OK, so if we follow the rules laid down above is everything easy? Well, almost. There are a few awkward scenarios we identified so it’s worth highlighting them.

Scenarios & Examples

Scenario 1: Elements null on initial POST, then mandatory afterwards.

Example 1: The primary key is missing in POST but needed in PUT

This is OK and breaks no rules, in fact this is normal procedure for the REST spec. The key is in the URL and not in the payload so we’re OK.

Example 2: Some fields are “generated” by the system we POST to, and from then on they are mandatory e.g. creating a “user” object sets their home folder which we want to be mandatory.

This obviously breaks Rule 1 – we’re asking for the validation rules of POST to be different to those of PUT. What we do about it depends on the scenario in question: 
  • Is this actually mandatory from a data validity perspective – only from a business process perspective? Namely is the attribute mandatory at this point in an object’s lifecycle but it might not be later? If this is business process logic, then XSD is the wrong tool for the job - the check should be in application logic.
  • Is this a separate entity? If so then should it be created by its own POST and then passed by reference to this entity’s POST? In DB terms should do we need to create a foreign key object before we create this object?
  • If neither then we're into the horrible territory of either having a lax schema, or making it mandatory but the POST method knowing to ignore the value sent in (and explaining to the client that they have to send nonsense). None of these is ideal obviously.

Scenario 2: The consumer has the rights to GET the whole object, but only has the authority to update a subset of the fields

Example: A consumer can GET an Order, but only has rights to update the “comments” section.

This doesn't break a rule. This is talking about if they’re authorised to change a field, not if the change is valid (authorisation is not validation).
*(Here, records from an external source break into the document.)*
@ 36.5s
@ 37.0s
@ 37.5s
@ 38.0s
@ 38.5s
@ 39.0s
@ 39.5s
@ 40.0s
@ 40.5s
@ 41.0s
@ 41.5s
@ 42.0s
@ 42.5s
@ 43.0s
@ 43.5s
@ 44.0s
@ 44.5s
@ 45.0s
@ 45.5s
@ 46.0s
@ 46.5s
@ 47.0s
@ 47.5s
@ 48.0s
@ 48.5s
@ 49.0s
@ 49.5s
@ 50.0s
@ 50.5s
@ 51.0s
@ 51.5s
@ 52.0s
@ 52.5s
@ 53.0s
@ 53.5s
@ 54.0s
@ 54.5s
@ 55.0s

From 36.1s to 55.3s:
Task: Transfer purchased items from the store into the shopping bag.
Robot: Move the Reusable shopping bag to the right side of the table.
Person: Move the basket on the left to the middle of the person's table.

The consumer can PUT the object as normal – the XSD will validate that the submitted data is VALID. If the data is valid then the API needs to see if they've tried to do something they shouldn't (i.e. change a field they’re not allowed to) that’s not an XSD problem:
  • If an unauthorised change has been made, then return a code 403 – forbidden
  • If this is an authorised change then PUT is OK and return a standard response in the 2xx range.
This might be inefficient (comparing the whole object to ensure no unauthorised changes have been made, but it’s not unrestful and it keeps to the rules. To improve efficiency we might be better to spin up an OrderComments API with a PUT to allow this action to only change comments.
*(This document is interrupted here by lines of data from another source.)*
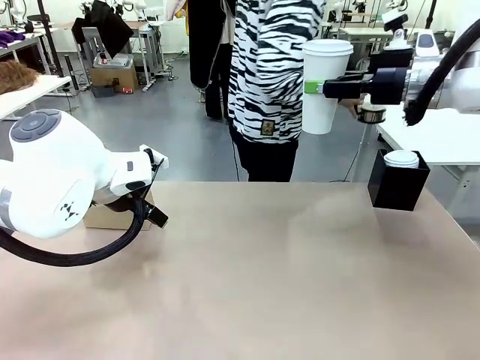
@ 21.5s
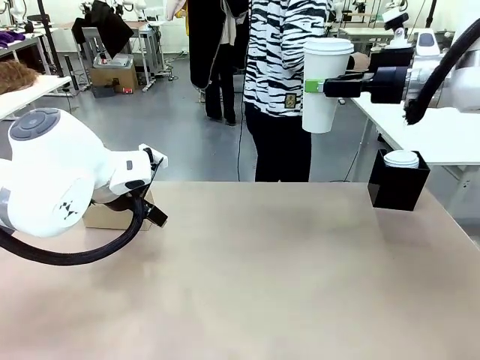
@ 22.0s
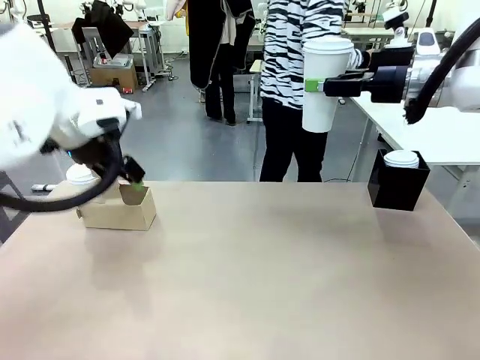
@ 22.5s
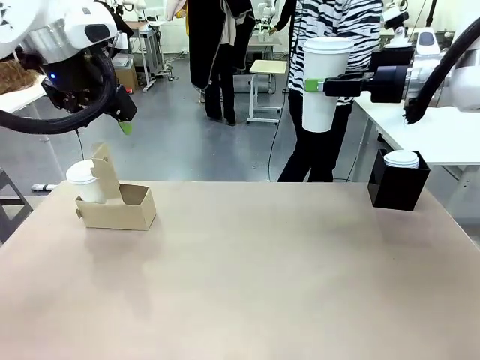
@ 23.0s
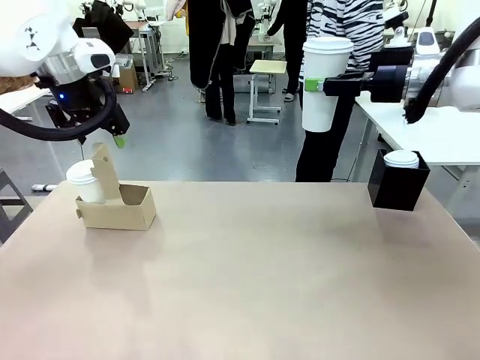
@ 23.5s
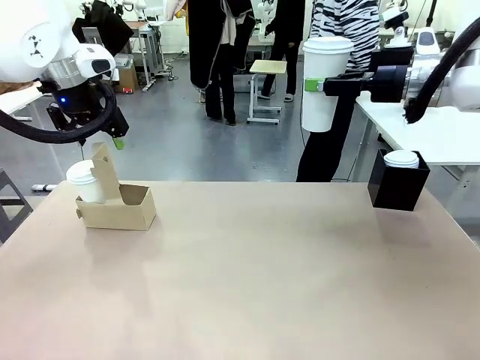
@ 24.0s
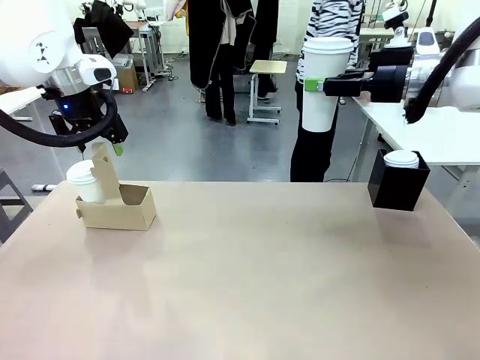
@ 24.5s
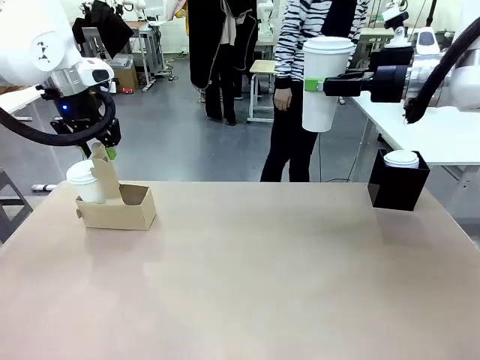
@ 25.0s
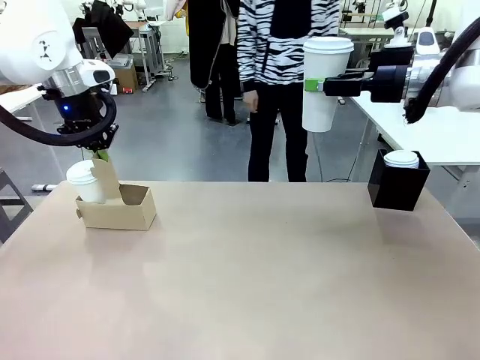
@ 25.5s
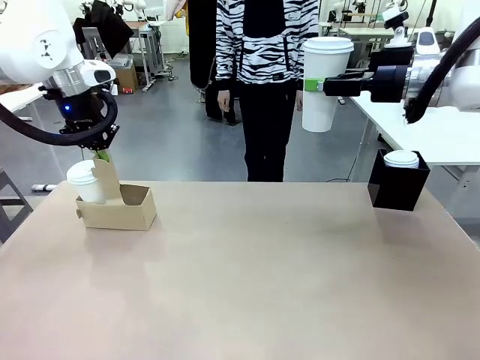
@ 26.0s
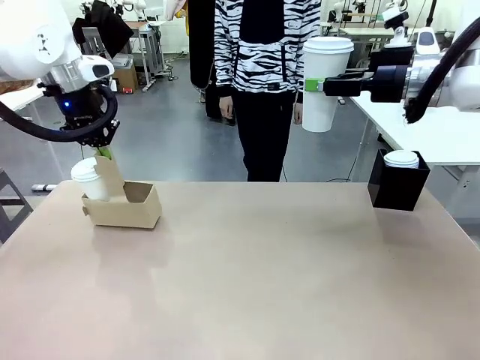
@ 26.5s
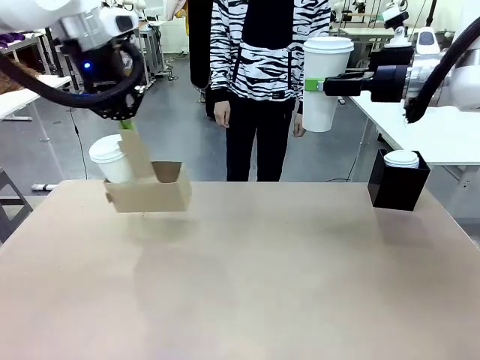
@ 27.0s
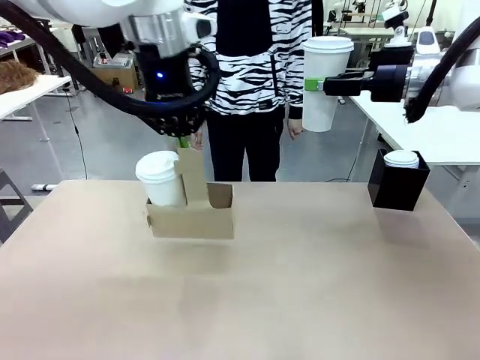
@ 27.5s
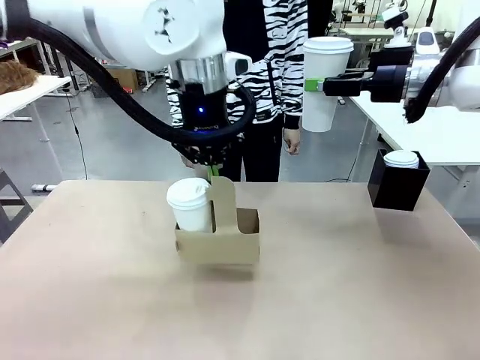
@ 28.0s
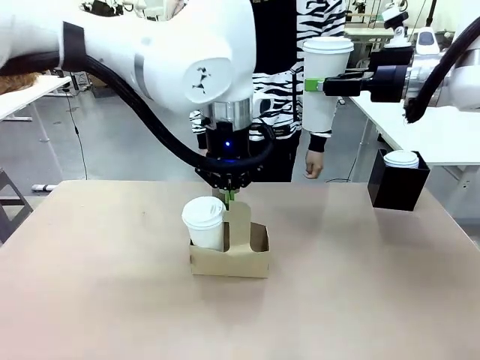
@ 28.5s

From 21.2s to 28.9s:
Task: Pour a drink into a cup and package it in a carrier.
Robot: Position the Cup Carrier in the center of the table.
Person: Pick up the Filter Brewing and place on the middle of Human table, and return to the Robot table.

Scenario 3: Consumer doesn't have access to view every part of an object (some are obscured/removed based on their profile), but wishes to PUT.
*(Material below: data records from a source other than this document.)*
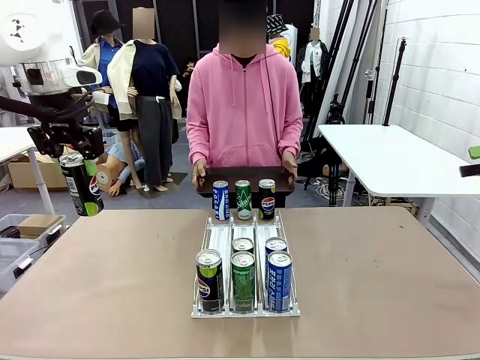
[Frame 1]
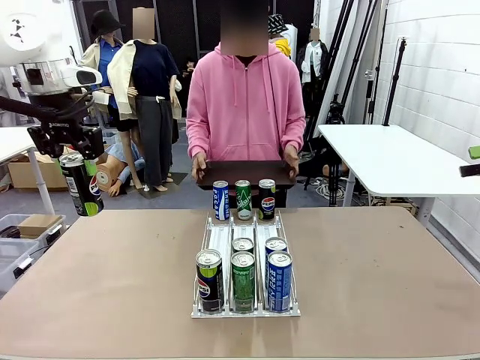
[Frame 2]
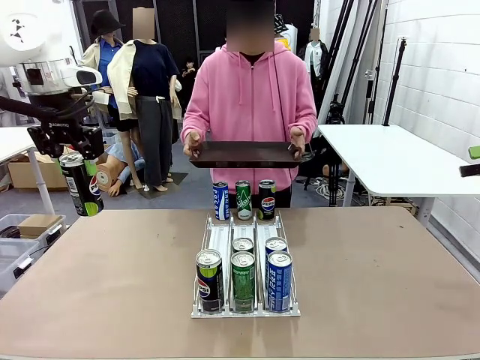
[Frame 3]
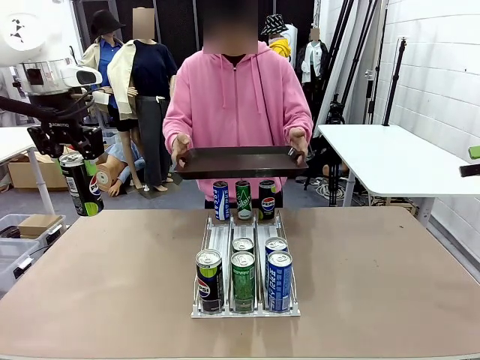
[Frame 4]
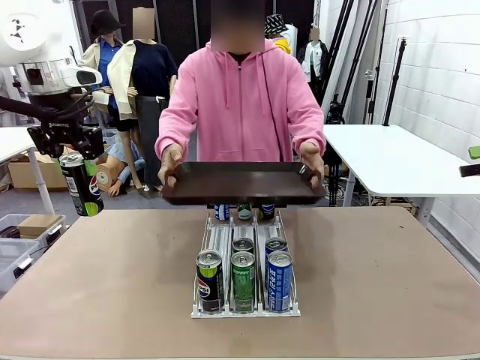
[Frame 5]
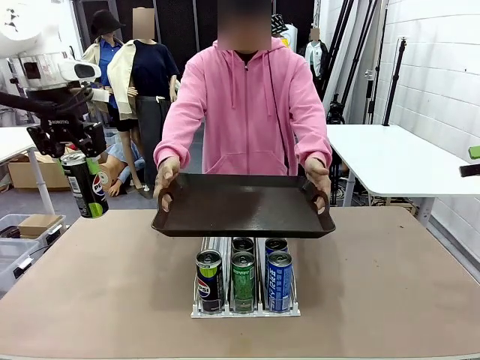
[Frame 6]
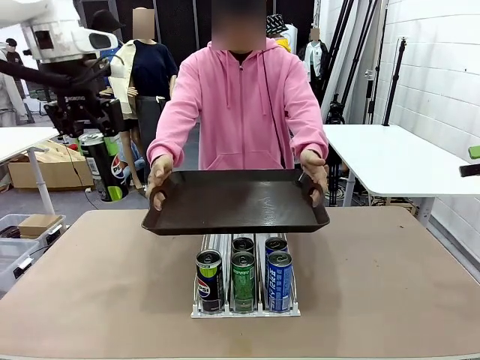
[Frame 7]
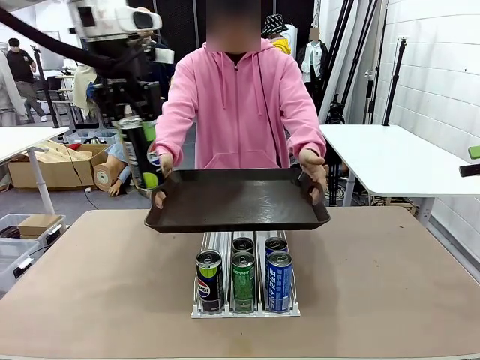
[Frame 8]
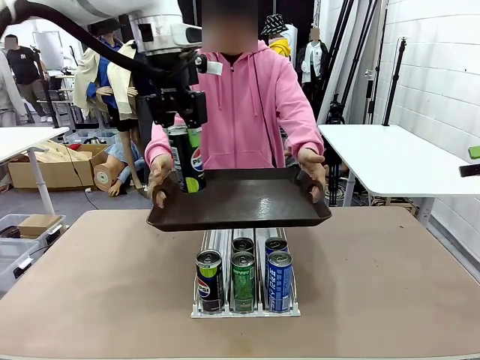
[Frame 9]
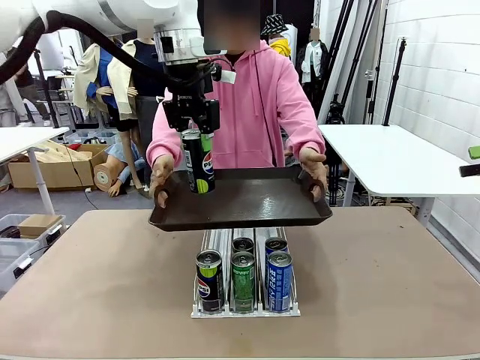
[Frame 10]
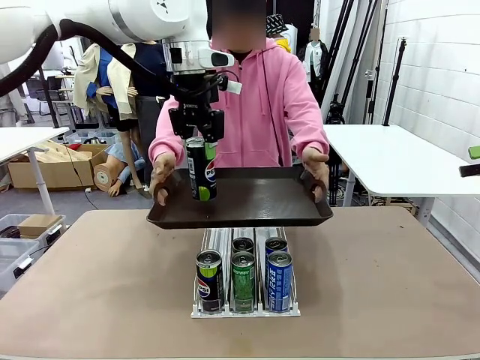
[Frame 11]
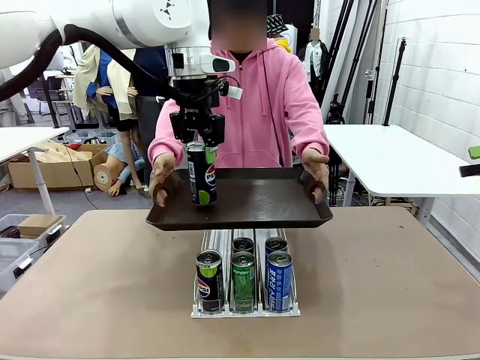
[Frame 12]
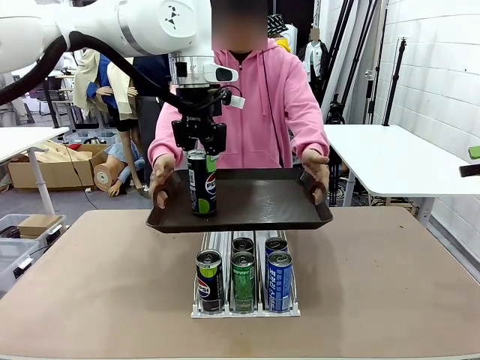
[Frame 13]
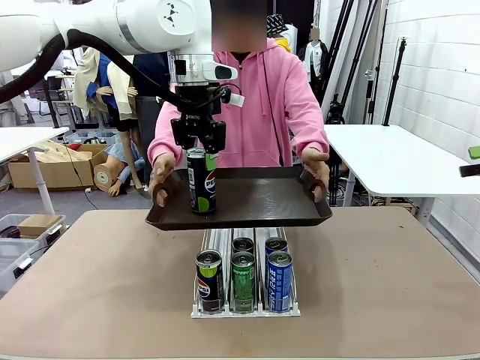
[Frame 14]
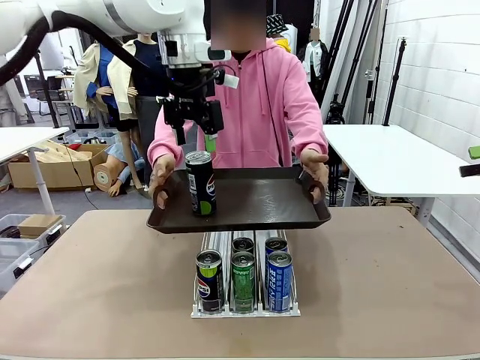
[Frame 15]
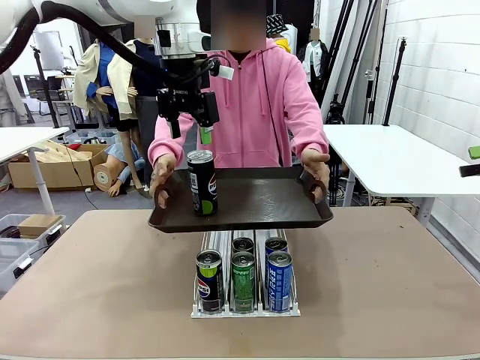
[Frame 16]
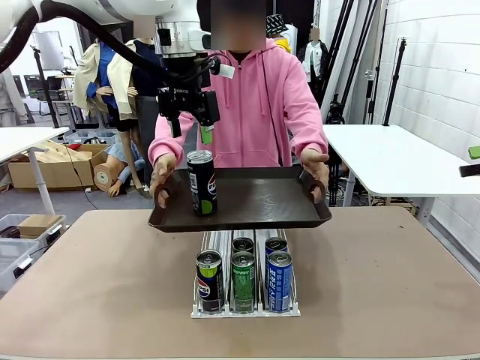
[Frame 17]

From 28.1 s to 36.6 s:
Task: Retrieve and hand over the desired beverage to the person.
Robot: Place the picked can on the Handle tray extended by the person.

Example 1: Depending on profile some consumers see a customer’s phone number, others see 07**********12

This doesn't break a rule, and is just another form of Scenario 2 – the consumer doesn't have rights to change this field, so they just pass back the masked phone number.

Example 2: Depending on profile some consumers see an Order’s payment information, for other consumers it is omitted entirely (e.g. what happens with Mashery Response Filters).

In order for the message to validate against the XSD, the fields which were removed cannot be mandatory – otherwise the GET would fail its own XSD (which would obviously be bad).

As long as a value of the PUT contains what was in the GET then the consumer isn't breaking Rule 1 and from their point of view they're passing back the whole object, so they're not breaking Rule 2 either. As with Scenario 2, the responsibility is with the API to manage. This could also be inefficient and is possibly a bad idea, but the issue is with API design and not with the validation.

Conclusion

As far as I can tell XSD is perfectly doable with Rest so long as certain rules are followed. Within these constraints, and with good API design, we can both document and validate our payloads using XSD. There are some use cases where we push these rules, but I've not yet found a scenario under which the rules break. 

If anyone would like to feed back any comments I'd be glad to hear them.